SEYYİD KUTUB’UN (RH.A) BAKIŞ AÇISIYLA TÂRIK SURESİ 5. VE 7. AYETLER
5- Öyleyse insan neden yaratıldığına bir baksın.
6- Fışkıran su damlacığından yaratıldı.
7- Bel ile kaburga kemikleri arasından çıkan.
İnsan hangi şeyden yaratıldığına ve nasıl bir şeye dönüştürüldüğüne bir baksın. Şüphesiz o bel ile kaburga kemikleri arasından fışkırarak çıkıp gelen bir sudan yaratılmıştır. Erkeğin bel kemiğinden ve kadının üst göğüs kemiğinden akıp gelen suların yerleşmesinden yaratılmıştır. Bu gerçek Allah’ın ilminde saklı, insanın bilmediği gizli bir sır olarak son asrın ilk yarısına kadar kalmıştır. Ancak bu asrın ikinci yarısında insanın modern ilmi kendi metodu ile gerçeği keşfetmiştir. Ve öğrenmiştir ki erkeğin suyu bel kemiğinde oluşmakta, kadının suyu ise üst göğüs kemiğinde oluşmaktadır. Bu iki su korunaklı bir yuva da birleştiğinde onlardan insan meydana gelmektedir.

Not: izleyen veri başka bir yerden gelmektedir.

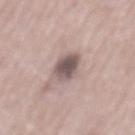Clinical impression:
No biopsy was performed on this lesion — it was imaged during a full skin examination and was not determined to be concerning.
Clinical summary:
Cropped from a whole-body photographic skin survey; the tile spans about 15 mm. On the mid back. Approximately 4 mm at its widest. A male subject aged around 65. Automated image analysis of the tile measured an average lesion color of about L≈53 a*≈15 b*≈17 (CIELAB), a lesion–skin lightness drop of about 15, and a lesion-to-skin contrast of about 10.5 (normalized; higher = more distinct). It also reported border irregularity of about 1.5 on a 0–10 scale, internal color variation of about 4 on a 0–10 scale, and radial color variation of about 1. It also reported an automated nevus-likeness rating near 45 out of 100 and a lesion-detection confidence of about 100/100. This is a white-light tile.
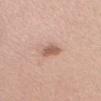Clinical impression: This lesion was catalogued during total-body skin photography and was not selected for biopsy. Acquisition and patient details: The lesion-visualizer software estimated an eccentricity of roughly 0.7 and two-axis asymmetry of about 0.25. The software also gave an average lesion color of about L≈58 a*≈22 b*≈27 (CIELAB) and a lesion–skin lightness drop of about 12. Longest diameter approximately 2.5 mm. The lesion is located on the head or neck. Imaged with white-light lighting. The subject is a male aged 23–27. A region of skin cropped from a whole-body photographic capture, roughly 15 mm wide.

Bel kemiği ile göğüs kemiği arasından akıp gelen su ile organik, sinirsel akli ve ruhi oluşumu alabildiğine karmaşık olan, anlayabilen akıllı insan arasındaki mesafe gerçekten korkunçtur. Başlangıç ile sonuç arasında uzun bir mesafe bulmaktadır. Fışkırıp gelen suyun konuşan bir insan olana kadar geçirdiği bu uzun mesafe açıkça gösteriyor ki insanın kendisi dışında başka bir el onu idare etmektedir. Herhangi bir şekli iradesi ve gücü olmayan bu su maddenin Hayret verici, uzun ve korkunç yolculuğunu düzenleyip idare eden ve onu bu güzel sonuca kadar götüren bir el vardır. Yine ortaya koymaktadır ki herhangi bir şekli ve aklı, iradesi ve gücü olmayan bir damla suyun bu Hayret verici, uzun yolculuğunda gözetleyen Allah tarafından görevlendirilmiş bir koruyucu, bir gözetleyici bulunmaktadır. insanın anne rahminde geçirdiği Hayret verici aşamalar onun doğumundan ölümüne kadar geçirdiği Hayret verici gelişmelerin çok çok üstündedir!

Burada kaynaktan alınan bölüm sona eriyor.